EXERCISE INSTRUCTIONS
I would like the records restated word for word, without the pictures.

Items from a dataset
"""
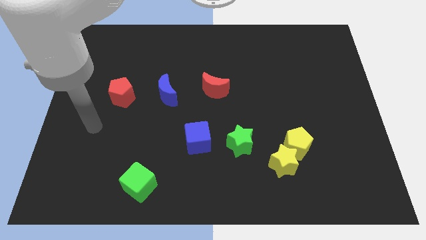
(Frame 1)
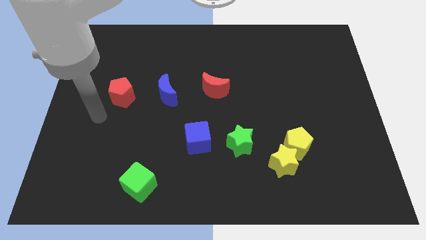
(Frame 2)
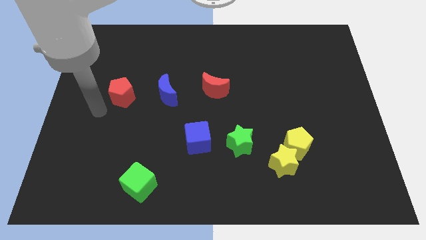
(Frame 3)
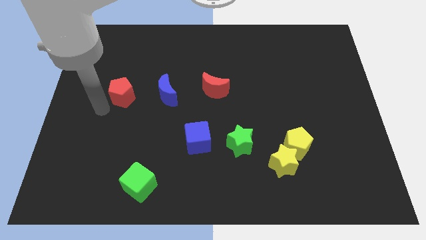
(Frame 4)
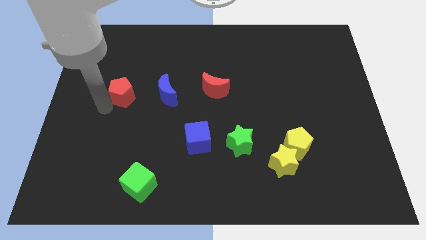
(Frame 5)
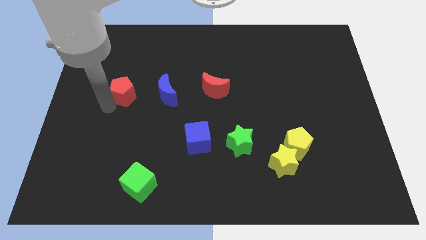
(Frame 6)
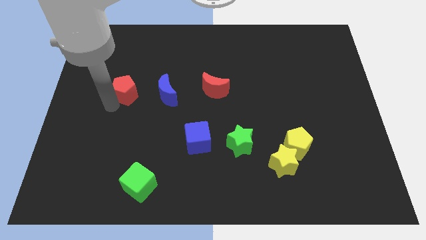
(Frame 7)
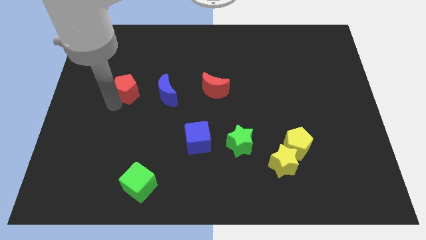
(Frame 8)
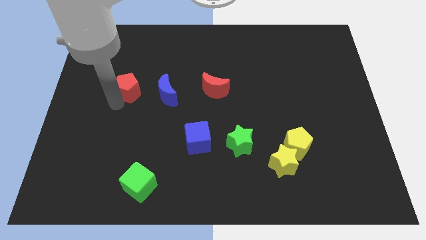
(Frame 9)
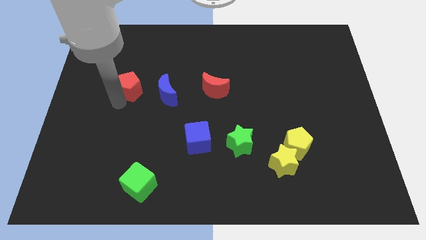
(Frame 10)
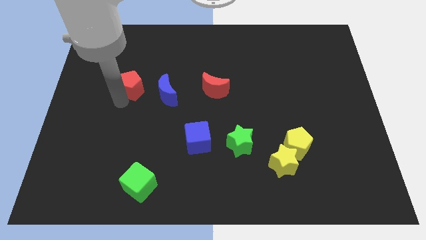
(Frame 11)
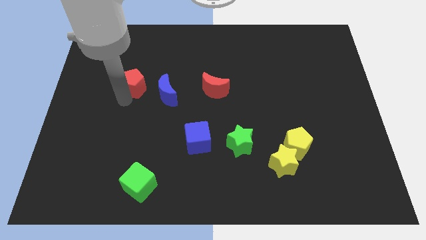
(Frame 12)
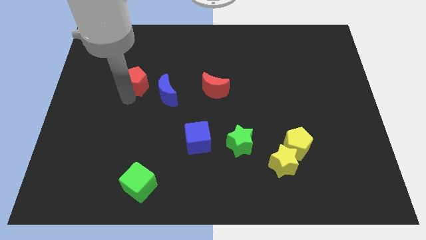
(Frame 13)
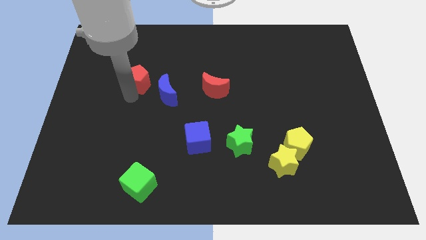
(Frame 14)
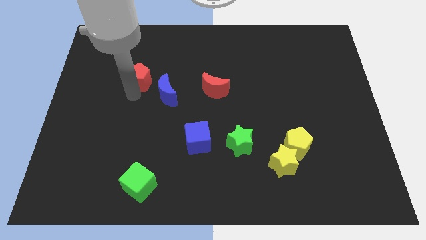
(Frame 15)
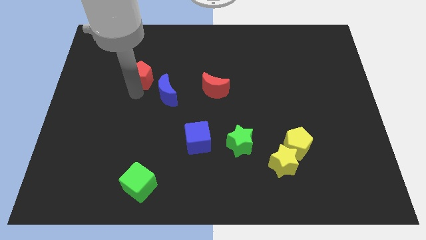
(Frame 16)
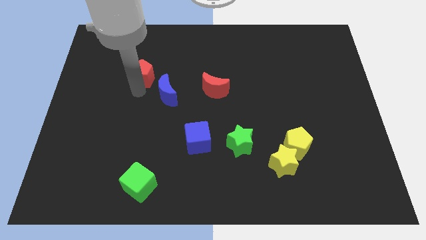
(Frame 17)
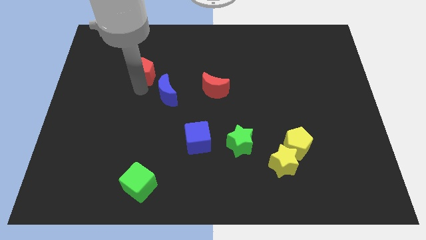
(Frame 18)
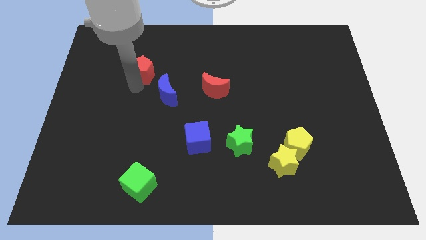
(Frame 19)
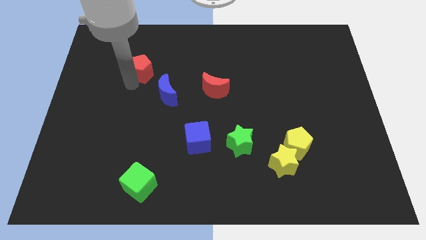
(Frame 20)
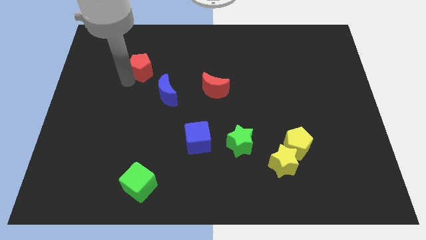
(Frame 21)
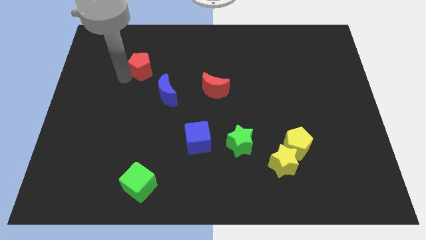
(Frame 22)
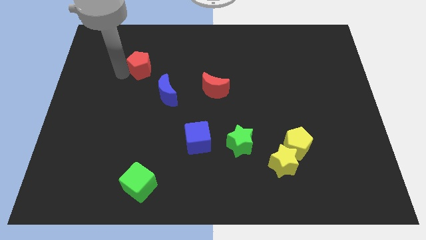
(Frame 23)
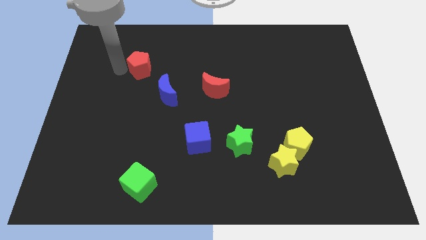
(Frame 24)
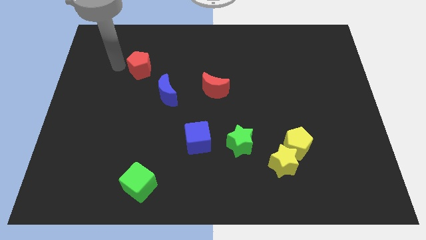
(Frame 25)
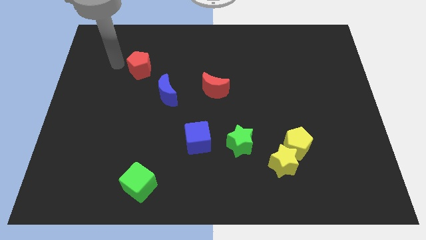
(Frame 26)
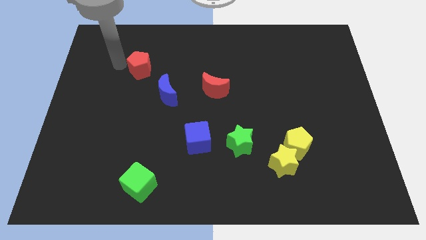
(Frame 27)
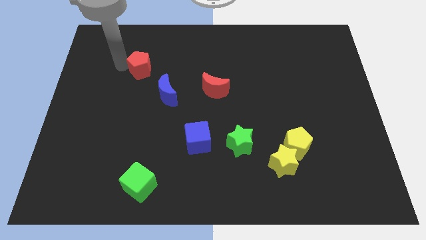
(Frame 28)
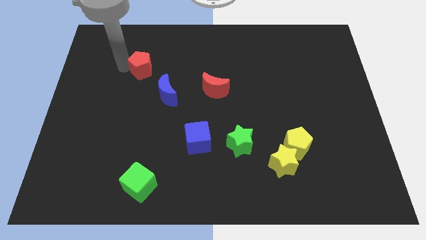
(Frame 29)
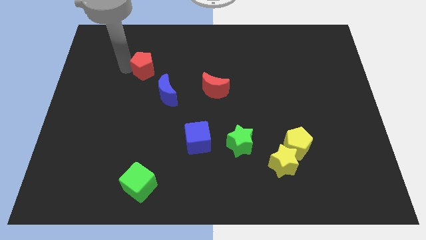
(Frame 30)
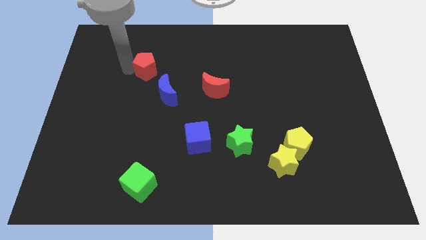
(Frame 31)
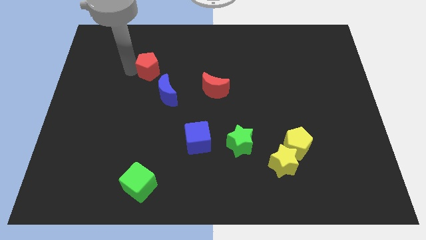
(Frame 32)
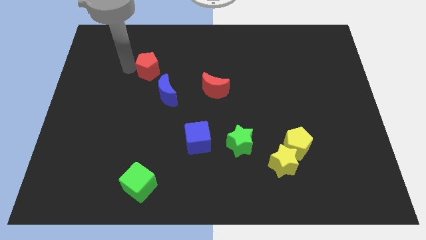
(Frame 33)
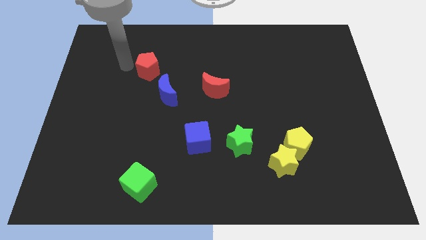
"""
EXERCISE RESULT
(Frame 1)
(Frame 2)
(Frame 3)
(Frame 4)
(Frame 5)
(Frame 6)
(Frame 7)
(Frame 8)
(Frame 9)
(Frame 10)
(Frame 11)
(Frame 12)
(Frame 13)
(Frame 14)
(Frame 15)
(Frame 16)
(Frame 17)
(Frame 18)
(Frame 19)
(Frame 20)
(Frame 21)
(Frame 22)
(Frame 23)
(Frame 24)
(Frame 25)
(Frame 26)
(Frame 27)
(Frame 28)
(Frame 29)
(Frame 30)
(Frame 31)
(Frame 32)
(Frame 33)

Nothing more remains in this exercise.